After making this list and carrying on a bit, I feel the need to state my manifesto in more positive terms.  I am a journalist and psychological anthropologist, an explorer into other realms of explaining and depicting our mental and physical challenges.   A writer who covers mental health paradigms.   A yoga practitioner and teacher involved in a process of finding greater physical and emotional freedom.  Writing and yoga are professions in tune with my mindset and temperament; they call me and engage me and connect me with the world.

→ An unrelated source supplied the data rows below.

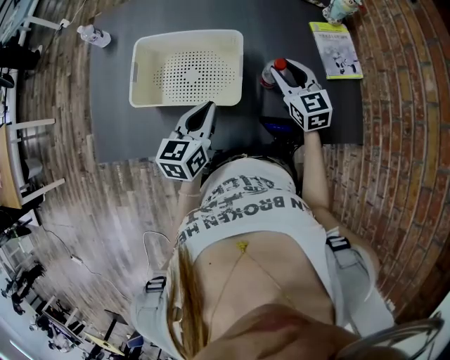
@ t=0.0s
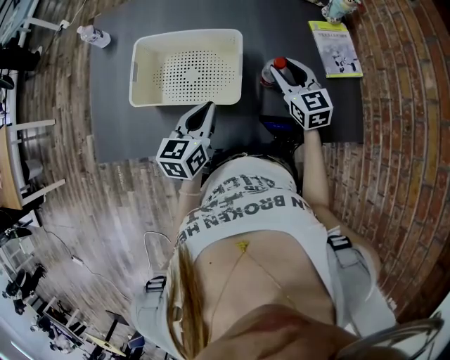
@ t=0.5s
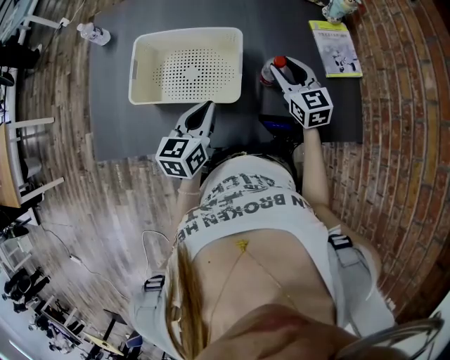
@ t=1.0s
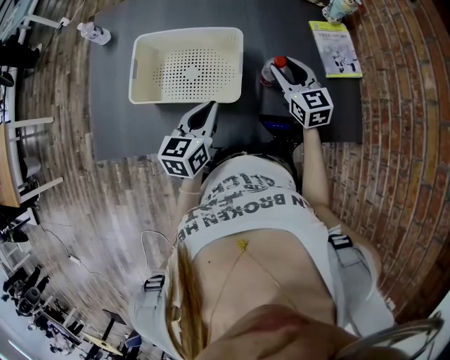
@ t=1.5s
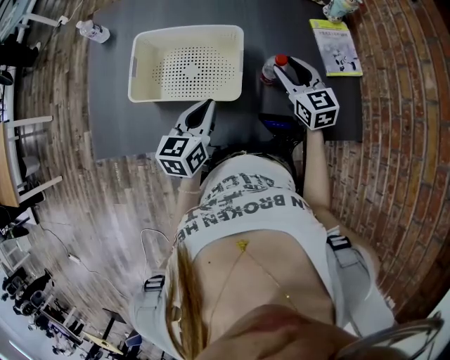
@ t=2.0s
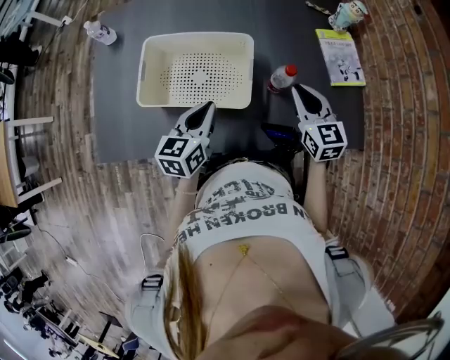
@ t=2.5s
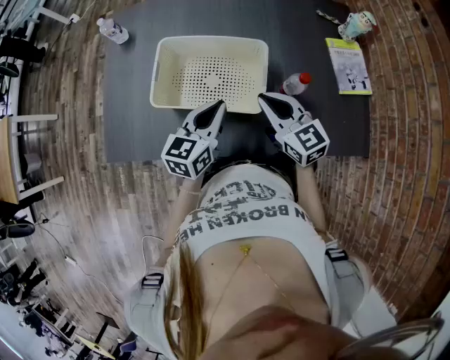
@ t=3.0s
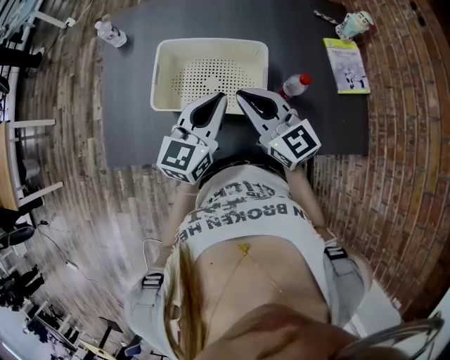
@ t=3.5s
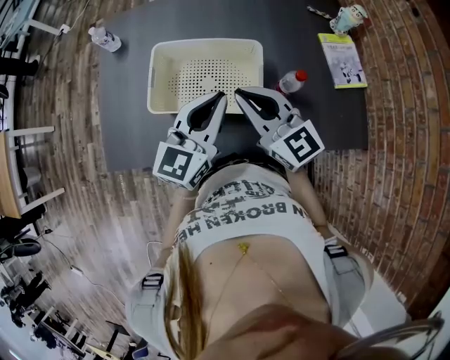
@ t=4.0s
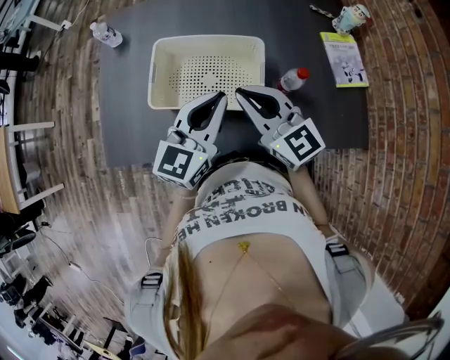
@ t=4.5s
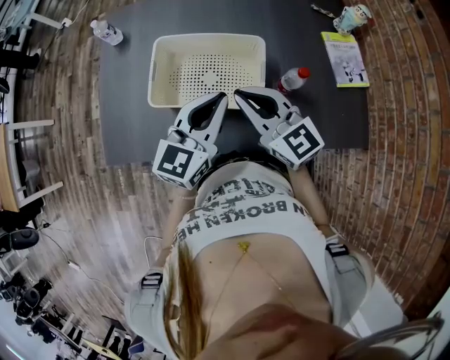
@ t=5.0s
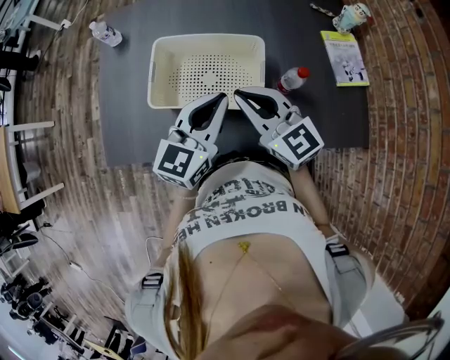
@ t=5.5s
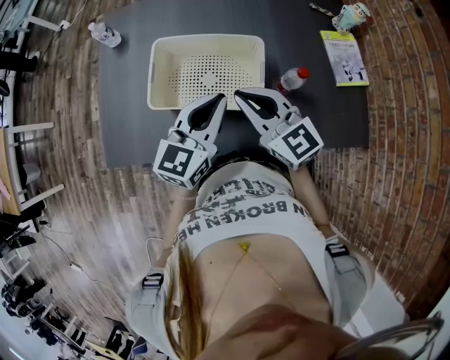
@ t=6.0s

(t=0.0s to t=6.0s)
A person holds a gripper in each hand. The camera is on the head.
t=0.0s - t=2.0s: The grippers move only a little.
t=2.0s - t=4.0s: The left gripper is displaced upward by about 10 cm, and rotates approximately 30 degrees. The right gripper travels to the left and upward by about 25 cm, swivels some 30 degrees, and closes up.
t=4.0s - t=6.0s: There are only small adjustments of the grippers.

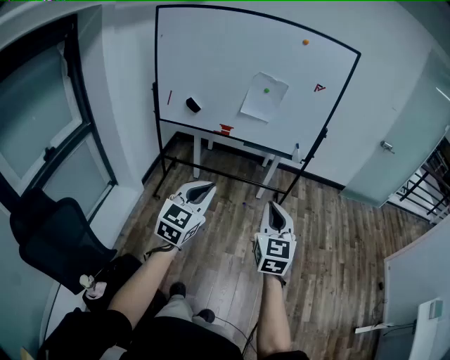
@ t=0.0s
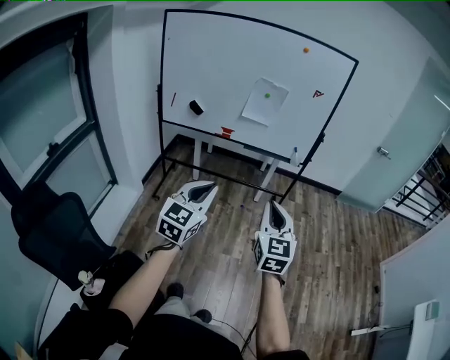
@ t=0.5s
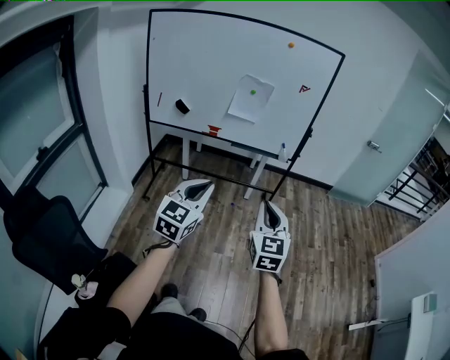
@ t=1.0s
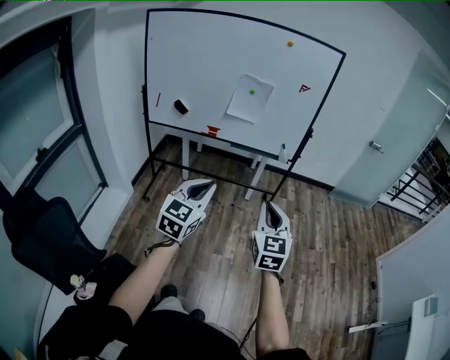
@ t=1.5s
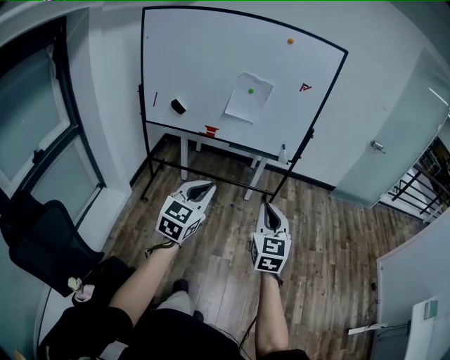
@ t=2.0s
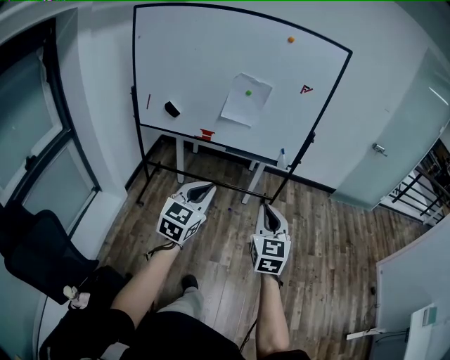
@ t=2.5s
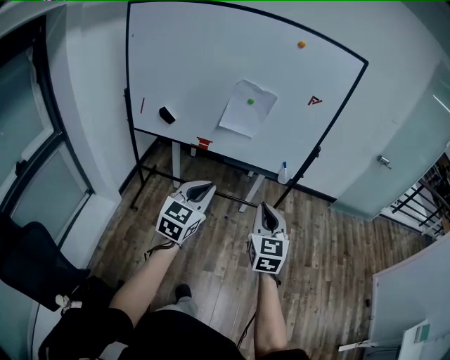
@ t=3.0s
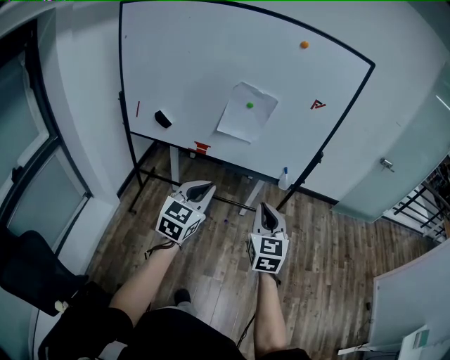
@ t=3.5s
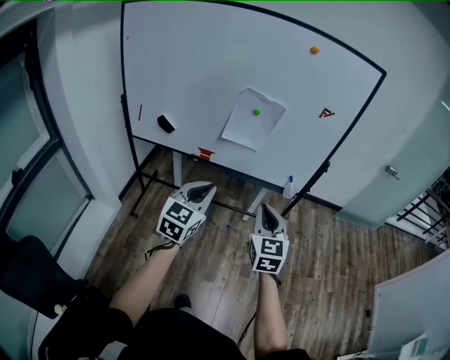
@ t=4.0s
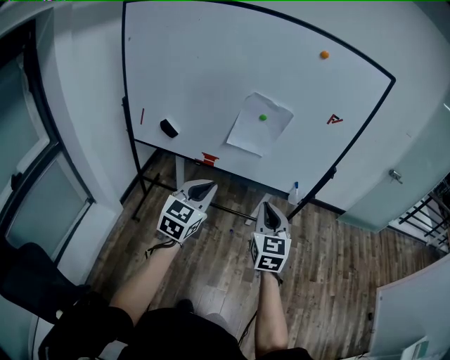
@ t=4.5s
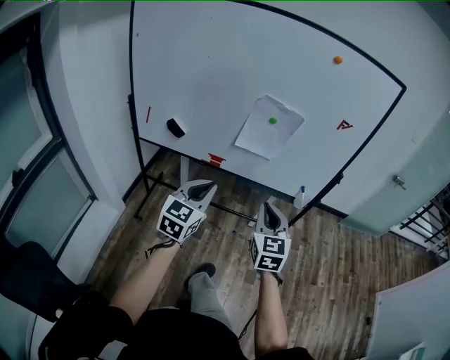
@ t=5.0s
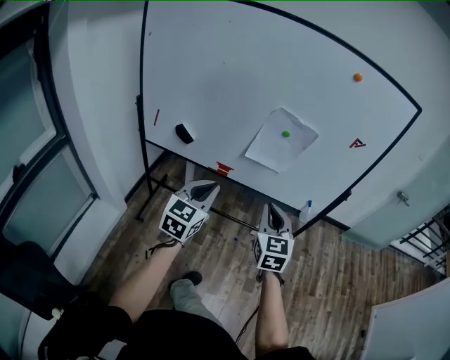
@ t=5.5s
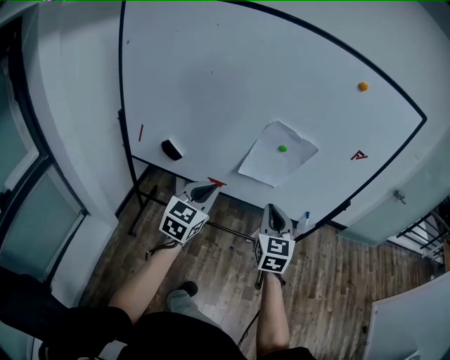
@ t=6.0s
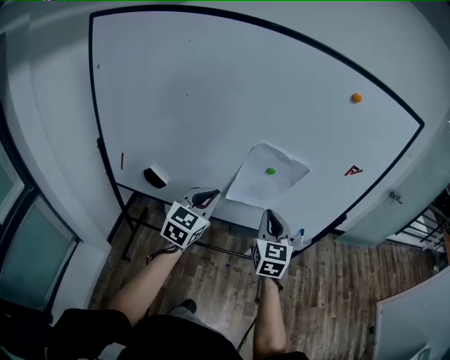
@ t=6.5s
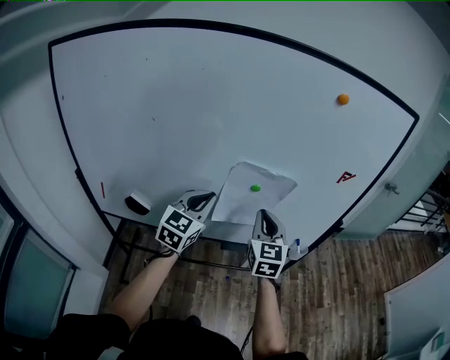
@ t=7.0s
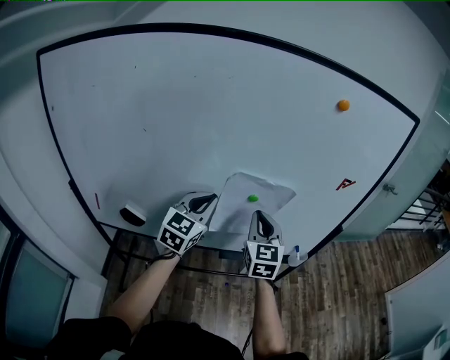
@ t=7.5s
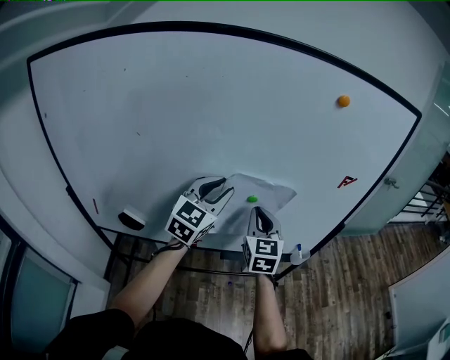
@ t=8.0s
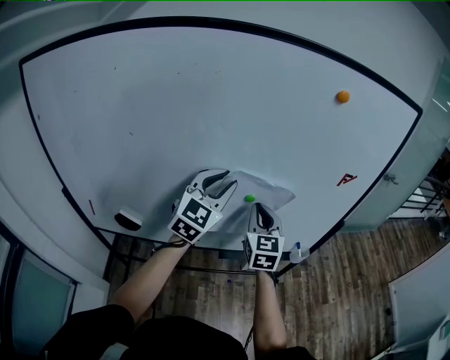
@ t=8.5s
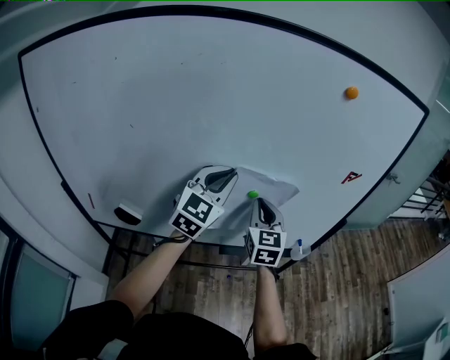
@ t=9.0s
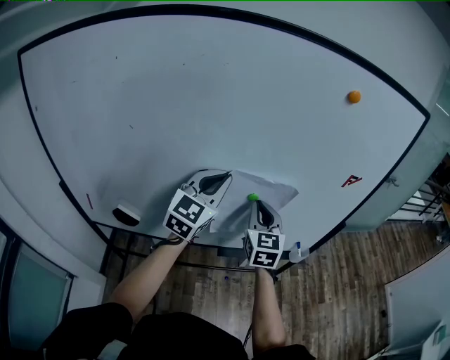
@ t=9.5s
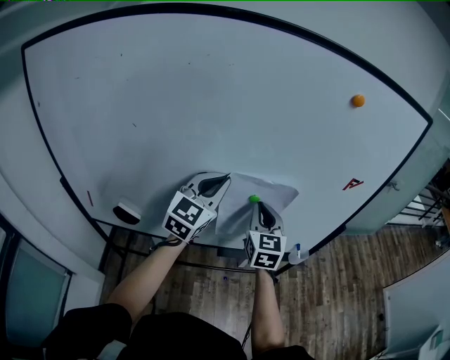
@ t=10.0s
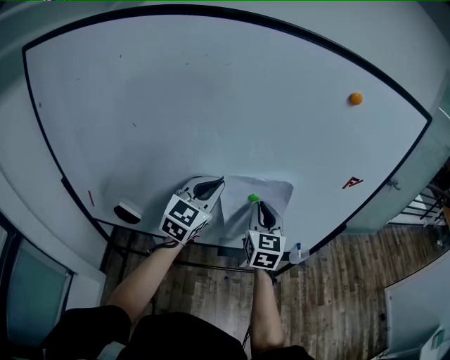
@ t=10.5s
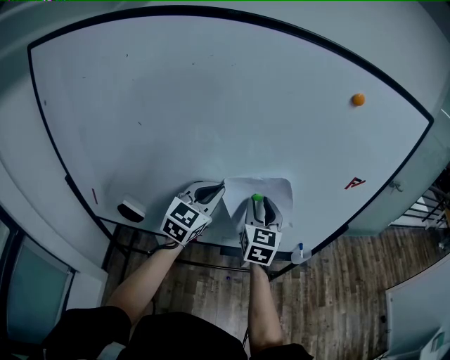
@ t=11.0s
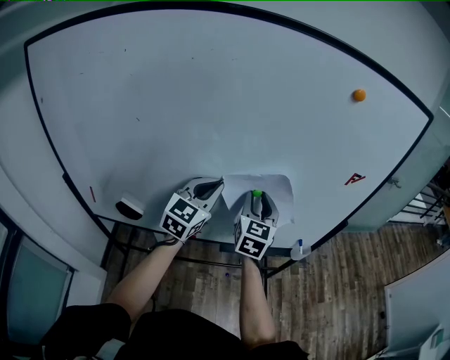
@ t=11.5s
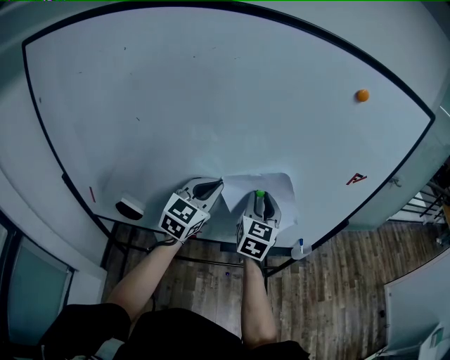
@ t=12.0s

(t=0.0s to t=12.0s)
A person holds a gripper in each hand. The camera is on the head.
t=0.0s - t=2.0s: The two grippers go roughly 5 cm to the right.
t=2.0s - t=4.0s: Both grippers travel together forward, about 30 cm.
t=4.0s - t=6.0s: The two grippers go about 20 cm forward and to the left.
t=6.0s - t=8.0s: The grippers both shift forward by approximately 25 cm. The left gripper changes its angle by roughly 20 degrees.
t=8.0s - t=10.0s: The grippers move only a little.
t=10.0s - t=12.0s: The right gripper opens its fingers. Meanwhile the left gripper travels downward by roughly 5 cm.

I talk to healers, dialogue with doctors of Chinese or Indian medicine, with native American shamans, medical doctors looking into integration of perspectives.  Listen to people who’ve tune into their internal wisdom and recovered from challenging illnesses.  Explore with others in a yoga class what it means to be human and how to hear our own bodies’ messages about health.  Learn about food and herbs that work synergistically with our bodies to make us more whole.  I want to bring back some of what we lost.